Он много учился, читал, много думал. Пришли первые радости настоящего мужества: весь ревущий, грохочущий от моторов аэродром, необычное чувство парения, рывки парашюта. Небо тоже было как счастье — не заслуга и не награда, но влекущее и большое, и померяться силами с его восходящими и нисходящими токами было истинным делом мужчины, испытанием воли. Ушаков уже знал счастье локтя, большой, крепкой дружбы, взаимного уважения. Счастье грозного поединка с голубой высотой.

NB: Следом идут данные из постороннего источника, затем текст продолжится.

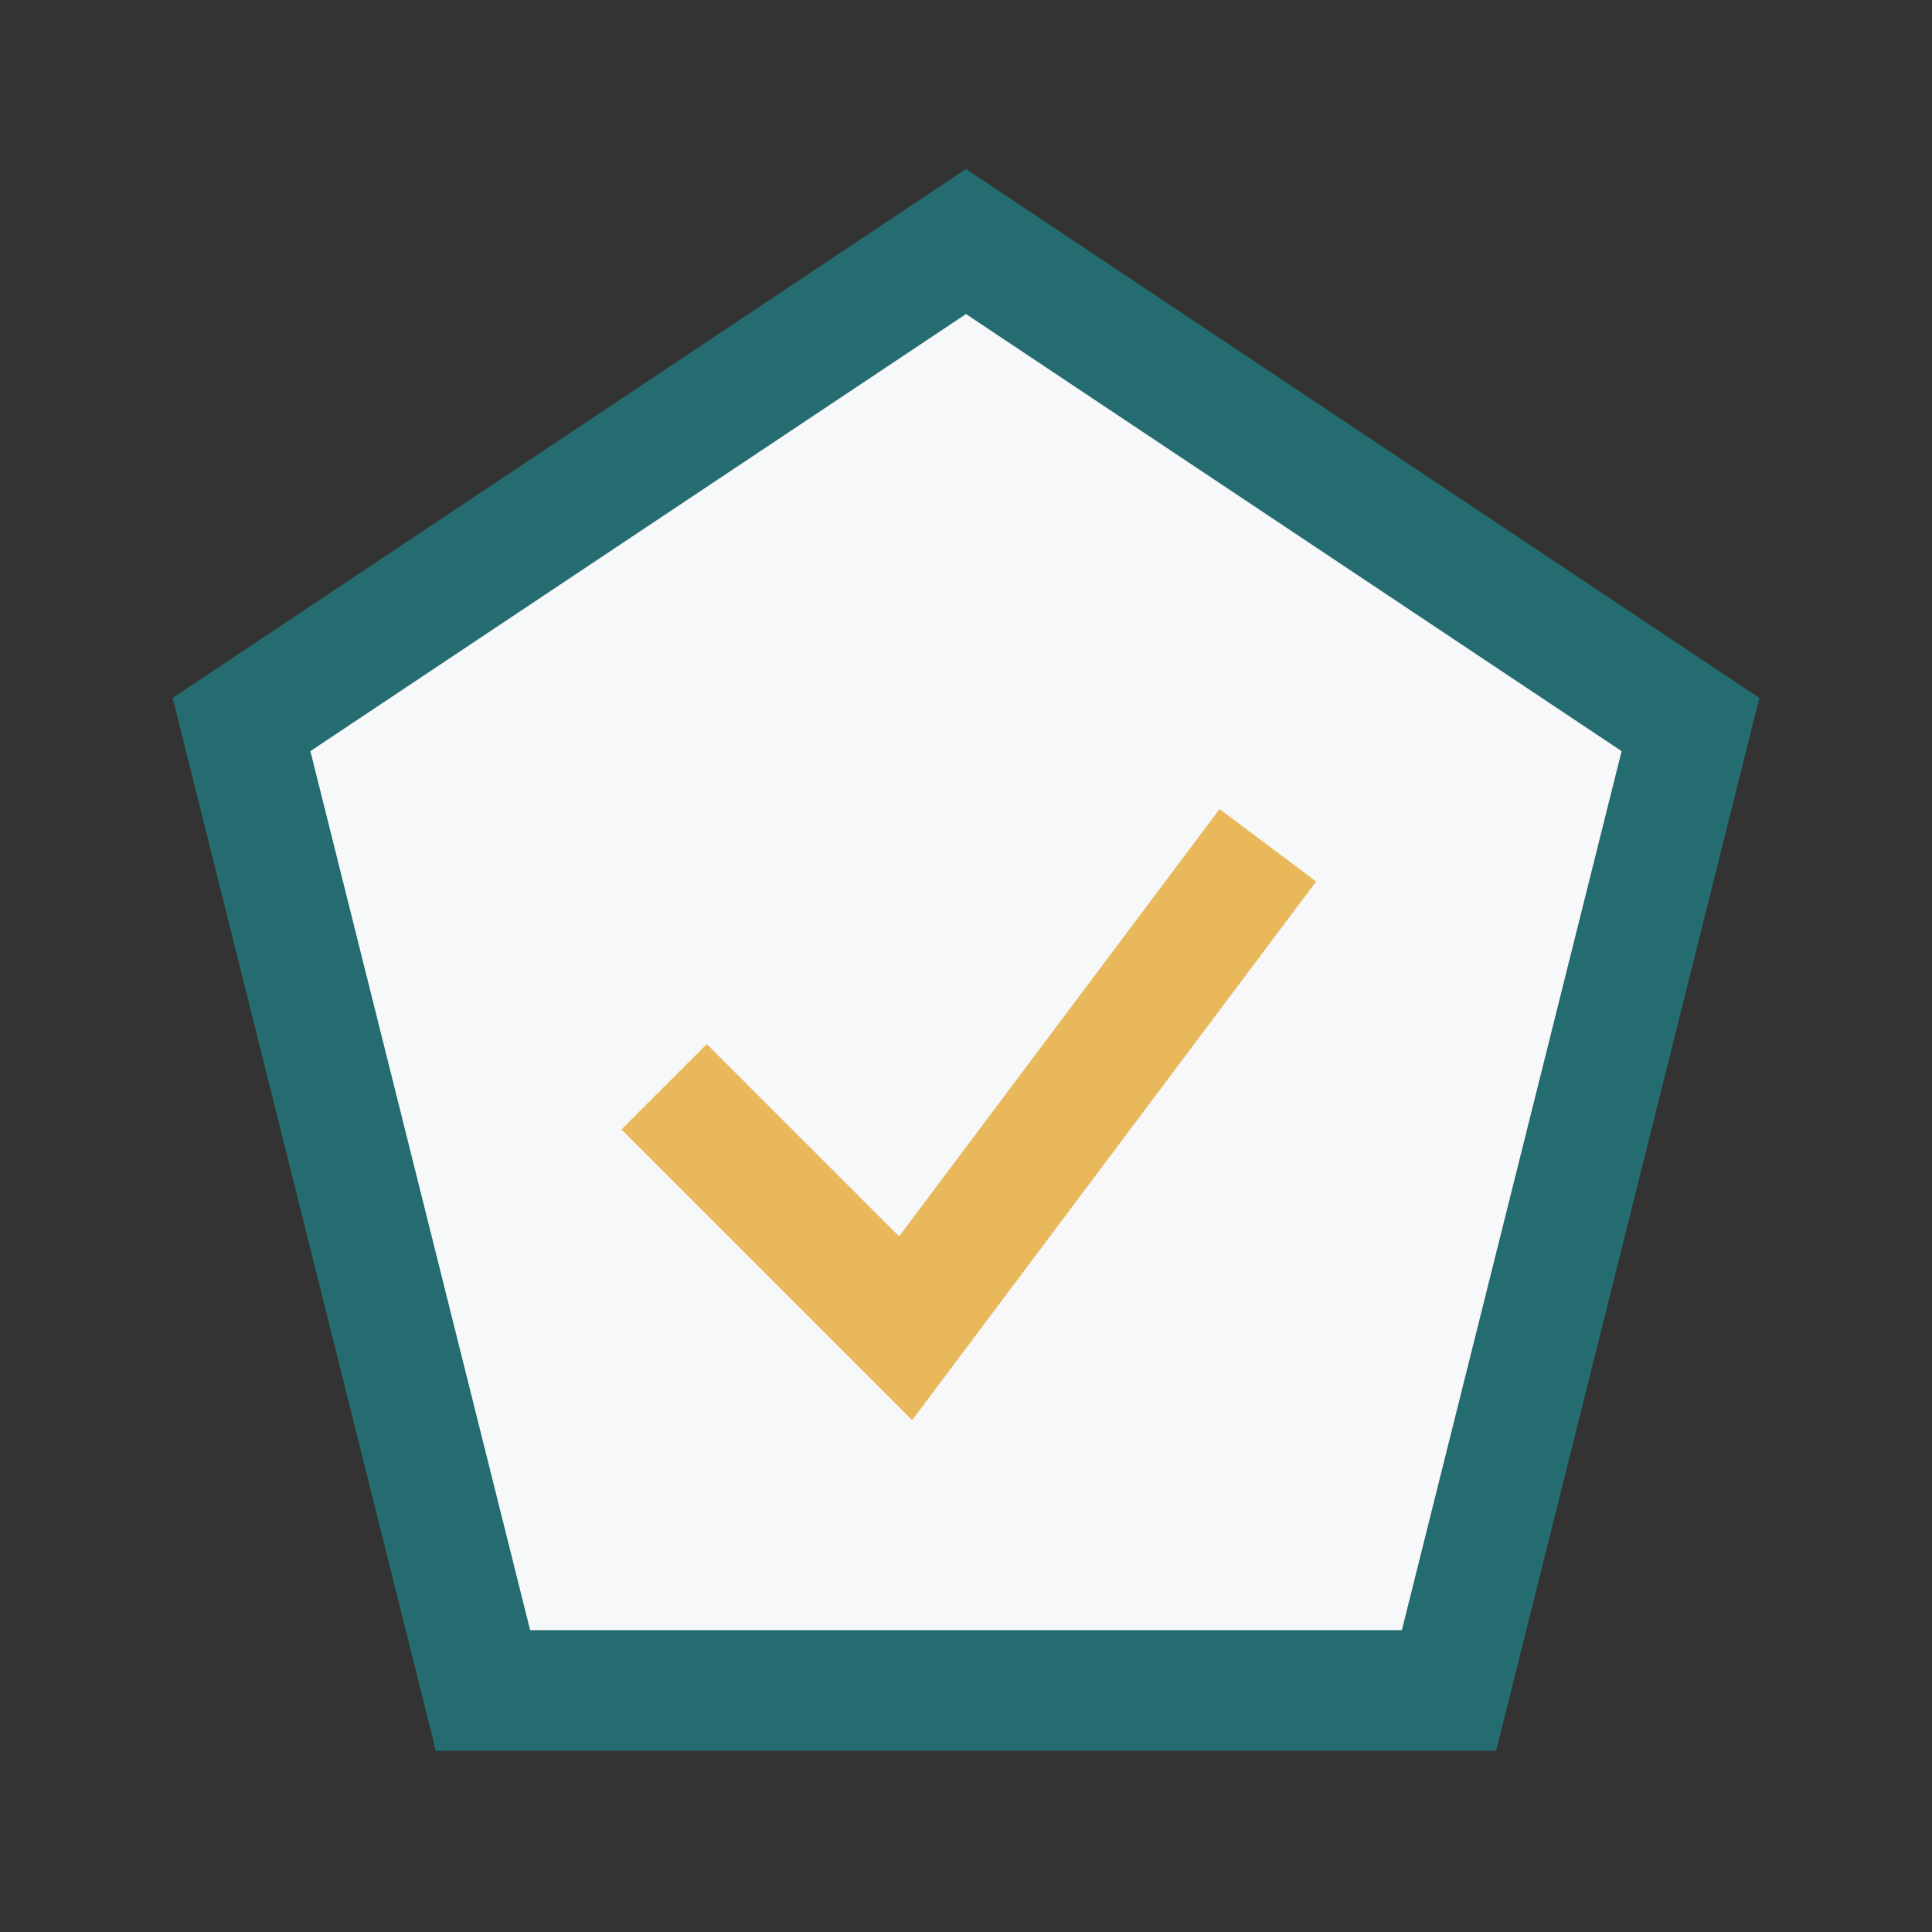 <?xml version="1.0" encoding="UTF-8"?>
<svg xmlns="http://www.w3.org/2000/svg" width="32" height="32" viewBox="0 0 32 32"><rect x="0" y="0" width="32" height="32" fill="#333333" stroke="none"/><polygon points="16,4 28,12 24,28 8,28 4,12" fill="#F6F8FA" stroke="#246C6F" stroke-width="2"/><path d="M11 18l4 4 6-8" stroke="#E9B85B" stroke-width="2" fill="none"/></svg>

Он не знал только лишь одного: что за всякое счастье, даже самое небольшое, обязательно нужно платить. Эта хрупкая, ненадежная штука всегда выдается в кредит. Сперва вроде бы ни за что. Просто выпало тебе счастье, ну и пользуйся им на здоровье, наслаждайся, дыши! А потом выясняется: будьте добреньки, кровь и слезы, и друг погибает у тебя на глазах, и обрывки шинели и комья глины в большой, рваной ране, последний сухарь, разделенный на четверых, последний костер, последняя ночь…
7
Я люблю опавшие мокрые листья.
Мне они напоминают мой город и самые первые, самые горькие осени в моей жизни. Особенно будят воспоминания листья тополей — не желтые, как у клена, не малиново-сизые, как у осины, не лиловые, как у бузины, а бурые, толстые, серо-зеленые, крепко схваченные морозом. Они так устилают в нашем городе тротуары, что идешь по ним с влажным шелестом, волоча за собой и разбрасывая ногами огромные вороха. Над тобой нежно реет очень меленький дождик, скорее угадываемый, чем ощутимый. Он словно бы и не ложится на землю, а так и висит неподвижно едва уловимой паутинистой пеленой. А в душе жажда радости, неизведанных ощущений — и щемящее чувство непонятости, одиночества, чему и названия-то не подберешь…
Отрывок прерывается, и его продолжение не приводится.